The attention Chilton's early presence brought the band led to an increased interest in blues music, along with the already emerging Cramps-influenced rockabilly interest, in Memphis' alternative music scene at that time. Falco's initial inclusive approach of mixing enthusiastic players without formal musical training together with professional musicians was in tune with those of noted primitive experimenters Half Japanese and the 1970s East Village alternative music movement of performers like Talking Heads, James Chance and the Contortions, and Klaus Nomi in which visual artists and musicians formed bands together. In the beginning years of the band Falco told writers that because of his unschooled musical background, he represented "the possibility of anyone performing who wants to". Though confounding the expectations of some listeners, these musicians considered restoring a sense of unbridled enthusiasm to creative work to be more important than conforming to sterile, rigid industry standards, as reflected in the name choice for the small recording label moniker Falco soon adopted to release and co-release the group's future recordings: Frenzi.

== Performance and recording notes ==

As interest in the band grew, Panther Burns soon played early gigs in Memphis and other cities, horrifying the host of a Memphis morning television talk show on which they performed. During the talk show performance, Lyon simultaneously encoded and transmitted an experimental, live, slow-scan feed to experimental artist groups OPEN SPACE in Victoria, Center for New Art Activities in New York, and RELAY in San Francisco. Falco explained to the disgusted host that the group was merely a "neo-rumorist orchestra" for a TeleVista experiment, creating what he termed an "anti-environment" to make visible cultural treasures and older, local performers overlooked in the daily environment by mainstream society and the establishment.

The album cover of Behind the Magnolia Curtain, the band's debut album, recorded in 1981

The band's early happening-styled, so-called "art-action" performances at downtown Memphis cotton lofts at the time frequently included waggish projected images, like the group's trademark burning panther image, trained on the musicians, harking back to Velvet Underground-era, psychedelic days of the 1960s.

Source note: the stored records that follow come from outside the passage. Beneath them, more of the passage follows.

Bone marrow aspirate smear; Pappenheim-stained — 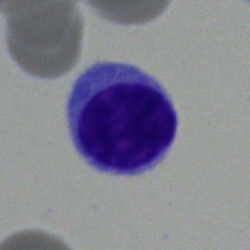

{"cell_type": "lymphocyte"}
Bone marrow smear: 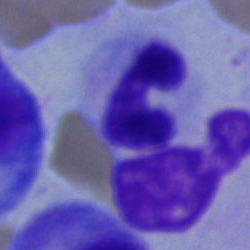
Band neutrophil.

A screen-print artist since the 1970s, Falco promoted many of the early 1980s local live shows by using hand-screen-printed posters which band members and friends helped him create and paste around midtown Memphis. They performed many of these Memphis concerts at local new music dive The Well (later called Antenna Club) with other area bands of the period. They also opened for The Cramps and played double bills with The Gun Club during this period in cities including New Orleans, New York, and Los Angeles. In the early 1980s they performed in an anti-nuclear rally with Allen Ginsberg at The Peppermint Lounge in New York. Reactions to the cacophonous, disjointed, amateurish side of the group's early performances varied from enthusiasm to disparaging ridicule. In 1980, New Orleans writer Bunny Matthews, explaining that he enjoyed the group's ability to put its audience "through changes", drolly summed up the experience: "No one is ever going to attend a Panther Burns recital and leave with mixed feelings".

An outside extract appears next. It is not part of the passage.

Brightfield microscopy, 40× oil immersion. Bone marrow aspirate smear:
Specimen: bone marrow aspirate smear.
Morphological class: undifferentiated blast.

Behind the Magnolia Curtain, the group's first album, was recorded in 1981 and released on the British Rough Trade Records label in 1982. The album featured on some tracks, including "Bourgeois Blues", an appearance by a small, marching drum corps that included blues artist Jessie Mae Hemphill, who had participated in her grandfather's Northern Mississippi Fife and drum corps groups as a child. The contrast between the strong, military beats of the drum corps dueling with Falco's occasionally out-of-sync vocals resulted in the wild, blues-rock chaos of songs on the album like the frenetic "Bourgeois Blues".

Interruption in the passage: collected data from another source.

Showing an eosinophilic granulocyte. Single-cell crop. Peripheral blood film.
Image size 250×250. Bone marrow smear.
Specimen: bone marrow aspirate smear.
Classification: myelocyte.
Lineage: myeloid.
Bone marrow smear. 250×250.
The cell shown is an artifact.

"We were thrown off quite a few stages during that period", wrote Johnson. "Though we initially enjoyed the effect we had on club audiences, somewhere along the way we tried to clean up our sound". The recording was followed by the slicker rockabilly revival style of Blow Your Top, without Chilton's participation, and in 1984, the Jim Dickinson-produced Sugar Ditch Revisited album was recorded, featuring a more subdued playing style by Chilton along with New Orleans bassist René Coman. That year, following a brief tour opening for The Clash before irritable college audiences impatient for the main act, Chilton stopped touring regularly with the group to resume his increasingly minimalist solo touring and recording career. Chilton's restrained, evolving solo style was beginning to diverge from his previously fiery, strident Panther Burns guitar style that had often featured reverb and feedback; however, he continued to produce several of their later albums.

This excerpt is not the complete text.